State Your Case: Joe Jacoby
A second-team NFL all-decade tackle from the 1980s
(Published December 2015)
The counter trey is one of the most iconic plays in NFL history.
The Washington Redskins hired Joe Gibbs as their head coach in 1981, and he brought along Joe Bugel to coach his offensive line. Gibbs also coaxed running back John Riggins out of retirement and replaced four starters on the offensive line — everyone to the left of right tackle George Starke.
Redskins’ general manager Bobby Beathard used a first-round draft pick on right guard Mark May, a third-rounder on left guard Russ Grimm and signed lanky left tackle Joe Jacoby as an undrafted college free agent. Gibbs also promoted second-year man Jeff Bostic to center, then unleashed his Hogs and the counter trey on the NFL.
That running play became a staple of three Super Bowl champions. It helped Gibbs, Riggins and Grimm earn busts in the Pro Football Hall of Fame and put Beathard in the queue as a contributor candidate. But the Redskins remain one bust light in Canton.
That would be the Jacoby bust.
“He’s one of the great stories,” Gibbs said.
Also one of the great players.
Jacoby started for three seasons in college at Louisville with his basketball body (6-7, 295 pounds). But in the 1981 NFL draft, he was not one of the 332 players selected — much less one of the 28 offensive tackles. He signed with the Redskins and emerged as a key element in the signature play of the Gibbs era.
The counter trey is the classic misdirection play. The right side of the offensive line blocks down, as if the play is going to the left. But the left guard and left tackle pull to the right. The running back takes a jab step to his left, then pivots back right for the handoff and is led through the hole by the left guard and left tackle.
“Joe was a big part of the counter trey,” Gibbs said. “You can pull guards. But how many people pull tackles? We pulled Joe. He could run. He was one of the biggest and one of the first tackles to really take people off the ball.”
The backs carrying the football changed over the years. Riggins was the feature back of the 1982 NFL champions, Timmy Smith the 1987 champs and Earnest Byner in 1991. But the one constant of the Gibbs era was Grimm and Jacoby pulling from the left side and leading the way on the right.

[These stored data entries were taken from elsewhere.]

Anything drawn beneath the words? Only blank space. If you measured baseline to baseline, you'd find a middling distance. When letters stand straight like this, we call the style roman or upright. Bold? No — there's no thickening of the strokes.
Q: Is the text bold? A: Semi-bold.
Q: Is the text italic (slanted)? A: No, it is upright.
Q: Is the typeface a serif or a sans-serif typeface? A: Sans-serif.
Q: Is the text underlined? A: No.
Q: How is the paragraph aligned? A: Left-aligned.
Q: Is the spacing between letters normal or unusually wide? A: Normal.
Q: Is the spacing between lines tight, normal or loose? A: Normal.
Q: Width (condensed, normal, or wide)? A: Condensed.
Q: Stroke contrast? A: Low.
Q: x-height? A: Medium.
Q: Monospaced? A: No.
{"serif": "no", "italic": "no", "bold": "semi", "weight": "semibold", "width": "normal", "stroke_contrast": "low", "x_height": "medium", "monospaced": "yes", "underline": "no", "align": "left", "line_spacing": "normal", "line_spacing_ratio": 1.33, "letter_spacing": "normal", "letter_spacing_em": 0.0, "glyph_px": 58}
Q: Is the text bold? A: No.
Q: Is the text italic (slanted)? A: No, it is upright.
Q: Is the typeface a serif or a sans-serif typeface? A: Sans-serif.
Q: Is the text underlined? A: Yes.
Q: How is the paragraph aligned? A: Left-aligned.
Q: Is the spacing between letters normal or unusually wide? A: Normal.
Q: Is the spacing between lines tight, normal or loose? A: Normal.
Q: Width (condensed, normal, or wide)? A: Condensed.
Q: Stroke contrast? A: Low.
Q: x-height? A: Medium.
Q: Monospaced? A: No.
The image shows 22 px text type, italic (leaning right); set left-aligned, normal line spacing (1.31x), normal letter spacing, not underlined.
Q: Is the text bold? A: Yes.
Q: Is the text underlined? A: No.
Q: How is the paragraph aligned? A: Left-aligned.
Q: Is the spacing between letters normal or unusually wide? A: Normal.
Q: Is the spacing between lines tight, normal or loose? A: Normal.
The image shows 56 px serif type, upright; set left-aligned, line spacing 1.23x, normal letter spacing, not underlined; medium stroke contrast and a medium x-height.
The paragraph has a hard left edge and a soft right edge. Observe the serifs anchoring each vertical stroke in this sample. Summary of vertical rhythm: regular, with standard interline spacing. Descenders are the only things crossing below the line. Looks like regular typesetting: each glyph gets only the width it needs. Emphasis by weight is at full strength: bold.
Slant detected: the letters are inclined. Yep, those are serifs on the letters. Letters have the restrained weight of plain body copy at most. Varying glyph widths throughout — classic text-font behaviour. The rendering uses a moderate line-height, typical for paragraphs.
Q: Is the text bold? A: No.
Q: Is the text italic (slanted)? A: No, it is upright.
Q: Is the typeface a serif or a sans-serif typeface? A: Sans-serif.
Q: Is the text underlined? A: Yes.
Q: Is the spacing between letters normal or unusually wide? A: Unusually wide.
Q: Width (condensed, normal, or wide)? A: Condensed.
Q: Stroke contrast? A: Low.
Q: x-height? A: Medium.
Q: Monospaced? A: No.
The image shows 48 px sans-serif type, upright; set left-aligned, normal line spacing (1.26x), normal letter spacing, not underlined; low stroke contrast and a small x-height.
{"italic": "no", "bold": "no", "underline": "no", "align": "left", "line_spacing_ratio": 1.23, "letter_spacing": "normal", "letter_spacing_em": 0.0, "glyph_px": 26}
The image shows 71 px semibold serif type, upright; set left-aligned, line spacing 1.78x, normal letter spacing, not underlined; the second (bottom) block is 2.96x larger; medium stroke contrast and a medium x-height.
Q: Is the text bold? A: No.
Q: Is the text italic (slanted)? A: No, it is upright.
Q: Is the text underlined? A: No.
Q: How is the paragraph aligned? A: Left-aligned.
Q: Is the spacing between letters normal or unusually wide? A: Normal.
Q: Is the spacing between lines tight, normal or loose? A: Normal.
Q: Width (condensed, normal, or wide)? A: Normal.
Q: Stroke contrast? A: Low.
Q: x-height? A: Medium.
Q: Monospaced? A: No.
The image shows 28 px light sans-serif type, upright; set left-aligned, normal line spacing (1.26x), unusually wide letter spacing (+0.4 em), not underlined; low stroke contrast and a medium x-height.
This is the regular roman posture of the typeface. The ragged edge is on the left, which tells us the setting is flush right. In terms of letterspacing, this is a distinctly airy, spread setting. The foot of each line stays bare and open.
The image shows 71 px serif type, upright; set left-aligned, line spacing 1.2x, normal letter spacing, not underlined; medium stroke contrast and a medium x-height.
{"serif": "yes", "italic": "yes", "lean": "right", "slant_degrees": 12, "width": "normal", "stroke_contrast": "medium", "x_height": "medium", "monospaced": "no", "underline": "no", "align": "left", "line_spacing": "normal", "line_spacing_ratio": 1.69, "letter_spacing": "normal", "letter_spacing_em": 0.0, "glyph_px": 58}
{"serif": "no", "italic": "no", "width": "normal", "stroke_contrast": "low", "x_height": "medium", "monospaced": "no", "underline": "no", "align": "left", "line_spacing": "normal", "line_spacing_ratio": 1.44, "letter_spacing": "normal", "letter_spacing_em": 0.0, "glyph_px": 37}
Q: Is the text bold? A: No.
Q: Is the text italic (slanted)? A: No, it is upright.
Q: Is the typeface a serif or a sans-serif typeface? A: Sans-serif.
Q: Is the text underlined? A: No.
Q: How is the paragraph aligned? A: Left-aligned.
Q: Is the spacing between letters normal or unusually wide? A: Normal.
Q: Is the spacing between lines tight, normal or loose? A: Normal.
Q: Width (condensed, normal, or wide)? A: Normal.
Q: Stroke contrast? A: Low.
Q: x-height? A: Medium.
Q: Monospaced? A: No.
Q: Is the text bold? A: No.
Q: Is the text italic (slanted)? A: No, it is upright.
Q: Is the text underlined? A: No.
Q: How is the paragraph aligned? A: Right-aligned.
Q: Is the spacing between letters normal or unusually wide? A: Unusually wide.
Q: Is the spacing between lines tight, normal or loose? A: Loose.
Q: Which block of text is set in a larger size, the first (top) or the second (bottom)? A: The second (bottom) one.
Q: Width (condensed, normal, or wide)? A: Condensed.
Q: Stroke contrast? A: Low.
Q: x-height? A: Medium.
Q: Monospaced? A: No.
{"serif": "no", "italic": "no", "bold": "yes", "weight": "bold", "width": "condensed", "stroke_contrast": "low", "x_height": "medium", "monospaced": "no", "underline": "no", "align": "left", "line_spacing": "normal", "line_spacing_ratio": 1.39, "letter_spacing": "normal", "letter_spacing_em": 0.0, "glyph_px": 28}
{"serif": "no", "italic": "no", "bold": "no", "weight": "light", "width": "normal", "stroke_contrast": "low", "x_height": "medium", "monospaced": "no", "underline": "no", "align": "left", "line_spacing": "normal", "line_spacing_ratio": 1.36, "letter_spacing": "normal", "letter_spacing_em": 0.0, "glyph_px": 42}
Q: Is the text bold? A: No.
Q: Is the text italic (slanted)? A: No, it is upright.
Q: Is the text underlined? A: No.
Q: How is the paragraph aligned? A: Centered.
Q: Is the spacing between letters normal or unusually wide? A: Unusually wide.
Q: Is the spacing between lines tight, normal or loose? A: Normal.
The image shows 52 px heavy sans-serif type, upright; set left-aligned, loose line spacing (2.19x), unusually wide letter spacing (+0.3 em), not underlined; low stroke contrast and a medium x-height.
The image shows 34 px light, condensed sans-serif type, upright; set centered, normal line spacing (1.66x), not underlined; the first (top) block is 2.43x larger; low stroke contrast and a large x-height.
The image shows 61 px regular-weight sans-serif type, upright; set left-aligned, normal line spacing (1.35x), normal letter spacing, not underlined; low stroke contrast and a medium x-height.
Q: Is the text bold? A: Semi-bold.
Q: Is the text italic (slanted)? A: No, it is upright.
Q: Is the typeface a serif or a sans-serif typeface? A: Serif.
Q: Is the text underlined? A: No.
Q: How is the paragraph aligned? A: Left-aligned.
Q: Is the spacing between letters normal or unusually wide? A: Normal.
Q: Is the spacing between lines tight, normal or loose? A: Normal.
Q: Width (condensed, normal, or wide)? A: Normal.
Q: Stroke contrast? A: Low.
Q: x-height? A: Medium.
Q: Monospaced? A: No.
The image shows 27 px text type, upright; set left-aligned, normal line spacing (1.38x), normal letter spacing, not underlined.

Jacoby was a longshot to make the Redskins as a rookie. Beathard drafted five blockers that year, and Jacoby wasn’t one of them. Not only did he make the team as a rookie, Jacoby found himself in the starting lineup at left tackle by the end of September. He spent his first eight NFL seasons there, earning four consecutive Pro Bowl berths from 1983-86.
And it wasn’t just his efforts as a run blocker in the counter trey that earned Jacoby his acclaim.
The Redskins won the Super Bowl with three different quarterbacks, and Jacoby protected the blind side for two of them — Joe Theismann and Doug Williams. He moved from left to right tackle in 1989 where he guarded the front side of Mark Rypien on the last Super Bowl champion in 1991.
Jacoby protected his quarterbacks from some of the most accomplished pass rushers in NFL history: Hall-of-Famers Reggie White, Bruce Smith, Lawrence Taylor, Lee Roy Selmon, Fred Dean, Richard Dent, Rickey Jackson, Chris Doleman, Charles Haley and Derrick Thomas.
“This guy was first class, top flight,” Gibbs said. “He gave it everything he had.”
“Everything he had” was enough for Jacoby to earn those three Super Bowl rings. It also was enough for him to earn NFL all-decade acclaim for the 1980s. It should be enough to merit him consideration for the Pro Football Hall of Fame.
Jacoby retired after the 1993 season and became eligible for Canton in 1999 after the mandatory five-year waiting period. He’s been a six-time semifinalist in his 17 years of Hall-of-Fame eligibility but has never been a finalist. So his candidacy has never been discussed by the full selection committee. That’s an oversight that needs to be addressed.
All worthy Hall-of-Fame candidates need to be discussed. Joe Jacoby is worthy.